+++ SUPPLIED RECORDS

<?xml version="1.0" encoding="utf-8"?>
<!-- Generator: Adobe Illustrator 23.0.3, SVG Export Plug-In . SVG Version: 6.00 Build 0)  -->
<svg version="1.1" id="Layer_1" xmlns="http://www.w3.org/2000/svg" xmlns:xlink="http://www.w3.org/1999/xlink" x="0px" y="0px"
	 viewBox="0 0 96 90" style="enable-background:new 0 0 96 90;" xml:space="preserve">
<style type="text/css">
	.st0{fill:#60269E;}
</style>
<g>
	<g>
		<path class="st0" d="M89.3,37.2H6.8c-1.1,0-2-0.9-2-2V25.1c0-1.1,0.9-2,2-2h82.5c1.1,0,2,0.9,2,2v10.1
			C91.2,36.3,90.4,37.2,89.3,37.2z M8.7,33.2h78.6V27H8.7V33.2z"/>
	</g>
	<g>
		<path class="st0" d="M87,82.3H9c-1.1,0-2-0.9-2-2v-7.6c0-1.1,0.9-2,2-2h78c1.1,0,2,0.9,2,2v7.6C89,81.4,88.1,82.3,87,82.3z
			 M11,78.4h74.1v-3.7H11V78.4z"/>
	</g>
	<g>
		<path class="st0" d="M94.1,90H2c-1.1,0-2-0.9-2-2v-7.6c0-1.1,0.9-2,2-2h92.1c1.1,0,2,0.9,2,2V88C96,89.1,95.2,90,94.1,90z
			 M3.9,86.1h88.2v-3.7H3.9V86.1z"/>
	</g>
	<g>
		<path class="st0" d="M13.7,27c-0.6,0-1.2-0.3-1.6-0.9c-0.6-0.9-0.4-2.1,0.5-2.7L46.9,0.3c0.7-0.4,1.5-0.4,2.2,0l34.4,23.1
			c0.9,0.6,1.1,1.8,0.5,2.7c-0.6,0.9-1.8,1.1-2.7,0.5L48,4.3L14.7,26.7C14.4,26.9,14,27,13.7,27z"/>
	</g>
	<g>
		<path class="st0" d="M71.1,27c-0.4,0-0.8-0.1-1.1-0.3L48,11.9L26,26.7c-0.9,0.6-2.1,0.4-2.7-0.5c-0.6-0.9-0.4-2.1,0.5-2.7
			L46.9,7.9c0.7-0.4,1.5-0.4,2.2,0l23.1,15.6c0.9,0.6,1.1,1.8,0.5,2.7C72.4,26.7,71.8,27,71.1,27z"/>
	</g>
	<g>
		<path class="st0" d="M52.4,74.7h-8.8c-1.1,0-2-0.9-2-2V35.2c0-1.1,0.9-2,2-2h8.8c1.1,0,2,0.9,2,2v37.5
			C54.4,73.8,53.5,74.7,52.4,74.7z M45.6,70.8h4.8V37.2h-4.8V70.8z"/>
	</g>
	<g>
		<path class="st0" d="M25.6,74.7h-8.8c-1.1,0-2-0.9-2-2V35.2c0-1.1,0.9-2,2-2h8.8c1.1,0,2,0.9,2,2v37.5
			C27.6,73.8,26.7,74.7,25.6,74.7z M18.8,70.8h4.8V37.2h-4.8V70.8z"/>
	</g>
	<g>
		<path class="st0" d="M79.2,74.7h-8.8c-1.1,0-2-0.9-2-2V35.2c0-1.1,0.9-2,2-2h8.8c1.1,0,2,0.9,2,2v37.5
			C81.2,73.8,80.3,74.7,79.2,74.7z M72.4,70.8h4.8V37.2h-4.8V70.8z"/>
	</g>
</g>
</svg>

++++++

[TASK REQUIREMENTS]
The answer should be nothing but the number of lines above that contain "path".

[THE ANSWER]
8